** Material shown follows **
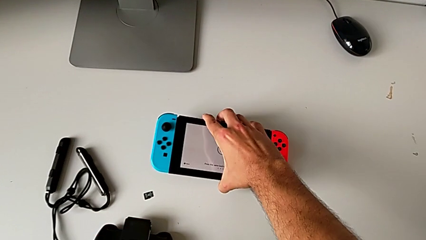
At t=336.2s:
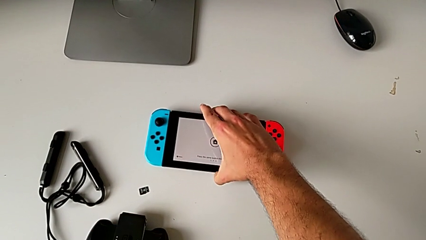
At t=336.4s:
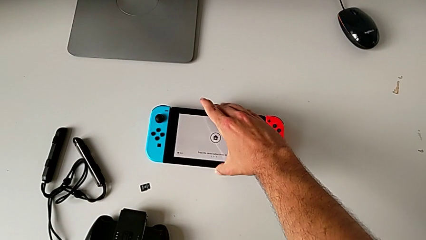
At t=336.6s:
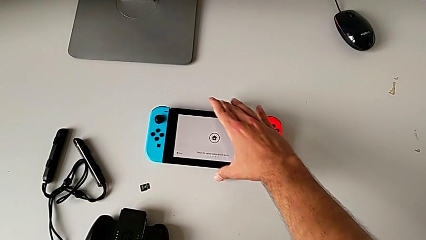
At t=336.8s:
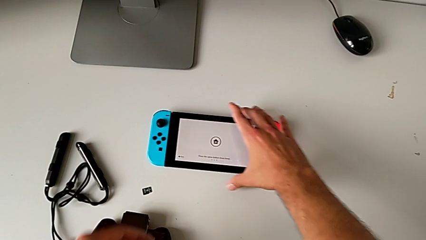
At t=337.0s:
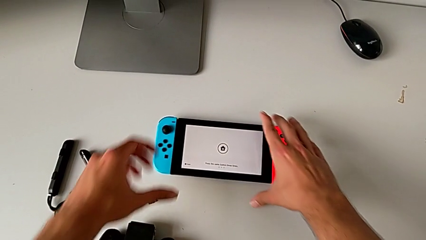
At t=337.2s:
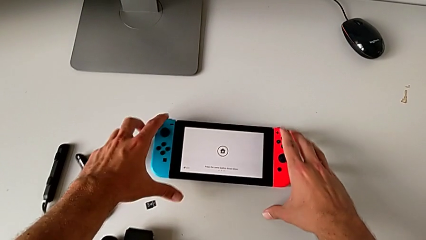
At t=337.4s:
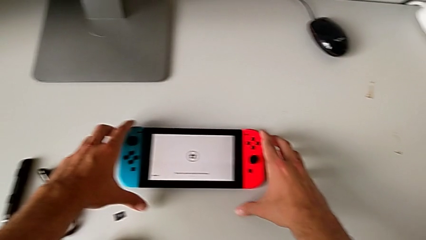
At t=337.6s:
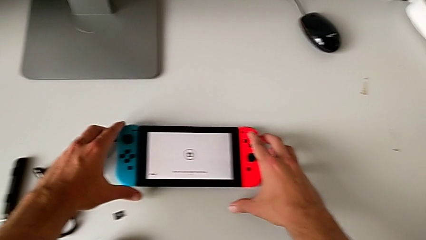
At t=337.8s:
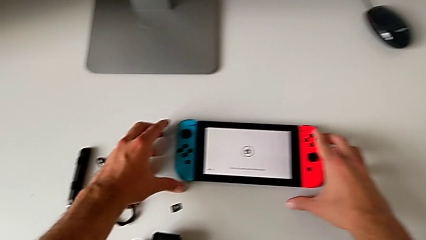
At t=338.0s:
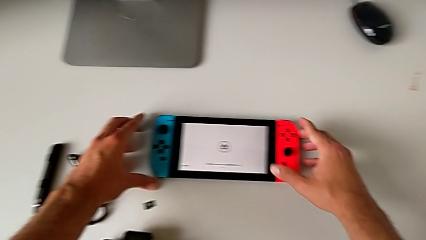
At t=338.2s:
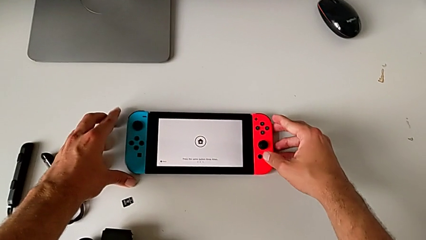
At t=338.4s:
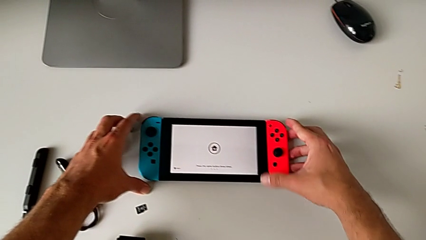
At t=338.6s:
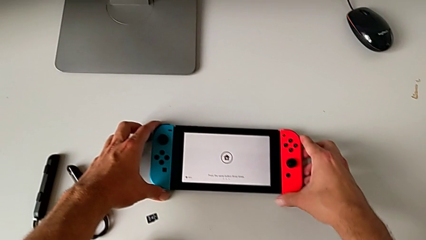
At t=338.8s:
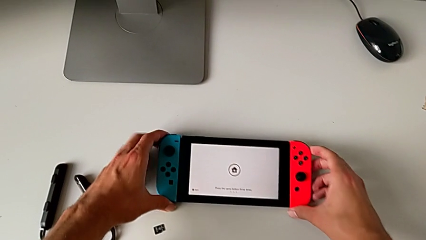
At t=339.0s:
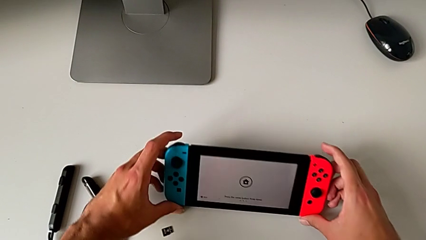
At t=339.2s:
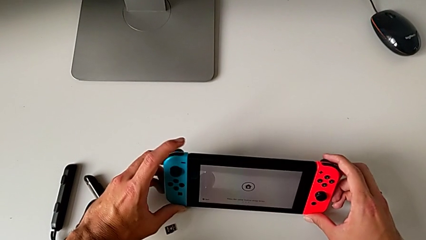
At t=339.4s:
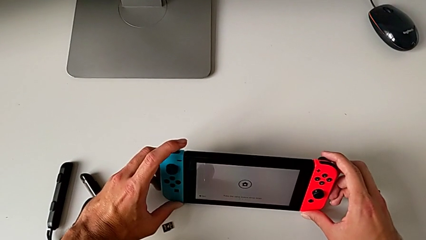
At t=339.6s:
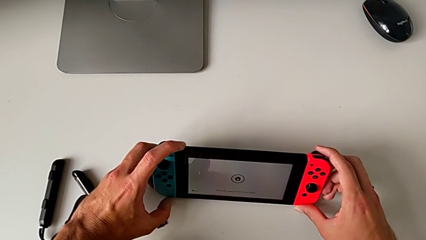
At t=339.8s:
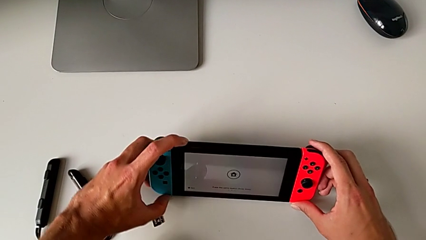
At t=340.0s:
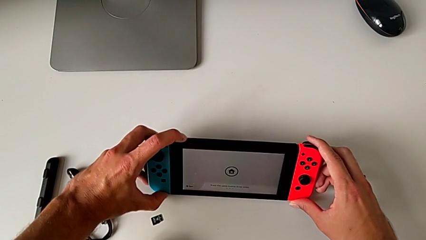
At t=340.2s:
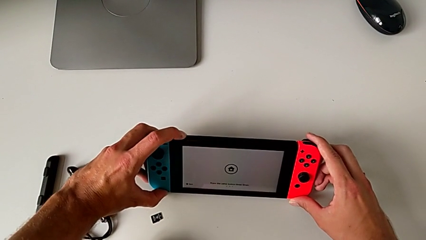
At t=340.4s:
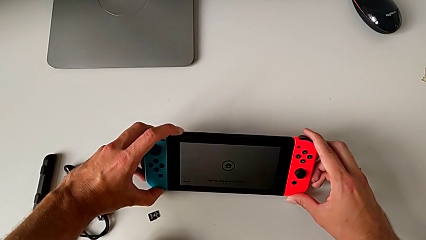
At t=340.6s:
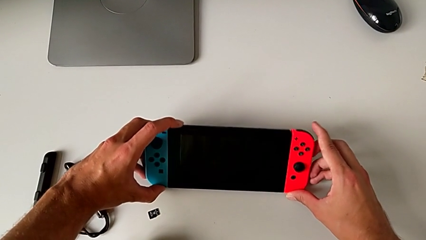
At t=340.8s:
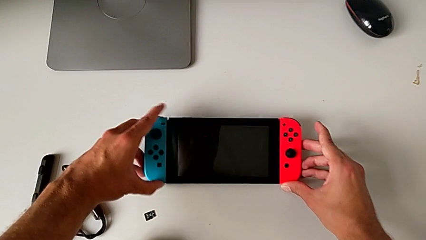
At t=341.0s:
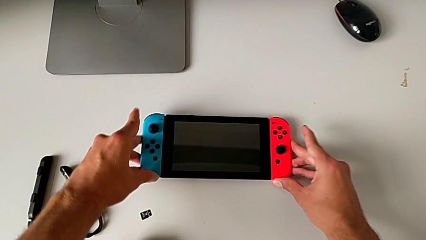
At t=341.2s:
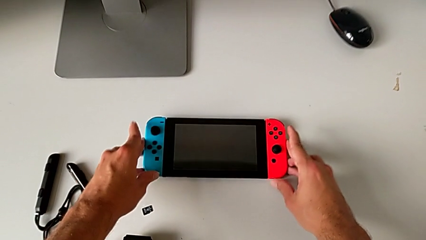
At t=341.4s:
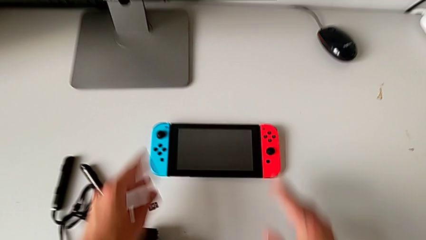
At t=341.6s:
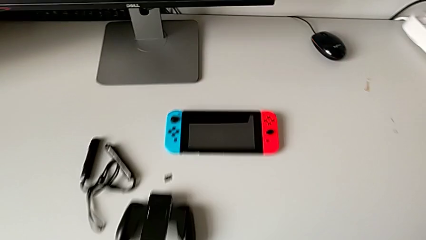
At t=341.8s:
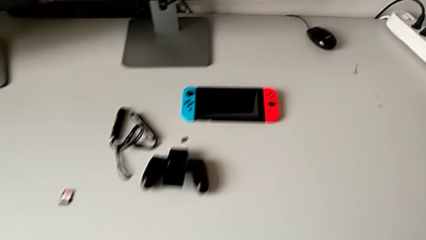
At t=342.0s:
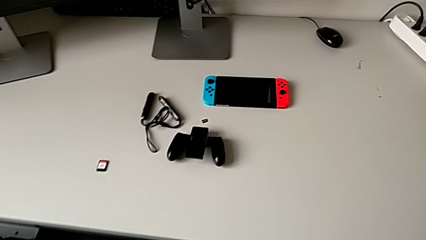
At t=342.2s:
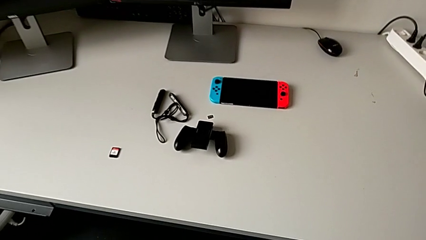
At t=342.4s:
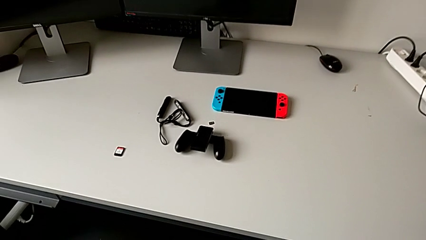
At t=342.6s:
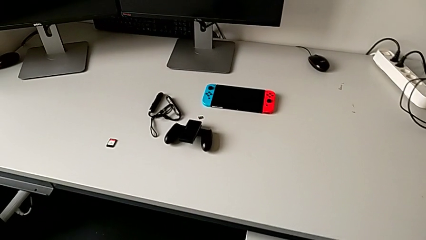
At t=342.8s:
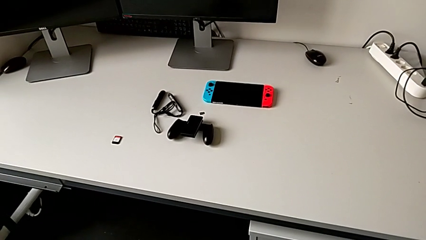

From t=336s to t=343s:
The camera wearer is exchanging the micro SD card for another one. They place the Nintendo Switch and begin to inspect it.
** End of Material shown **
- Exercise directions: Leave the images aside and return the records above exactly as written.

- The answer:
At t=336.2s:
At t=336.4s:
At t=336.6s:
At t=336.8s:
At t=337.0s:
At t=337.2s:
At t=337.4s:
At t=337.6s:
At t=337.8s:
At t=338.0s:
At t=338.2s:
At t=338.4s:
At t=338.6s:
At t=338.8s:
At t=339.0s:
At t=339.2s:
At t=339.4s:
At t=339.6s:
At t=339.8s:
At t=340.0s:
At t=340.2s:
At t=340.4s:
At t=340.6s:
At t=340.8s:
At t=341.0s:
At t=341.2s:
At t=341.4s:
At t=341.6s:
At t=341.8s:
At t=342.0s:
At t=342.2s:
At t=342.4s:
At t=342.6s:
At t=342.8s:

From t=336s to t=343s:
The camera wearer is exchanging the micro SD card for another one. They place the Nintendo Switch and begin to inspect it.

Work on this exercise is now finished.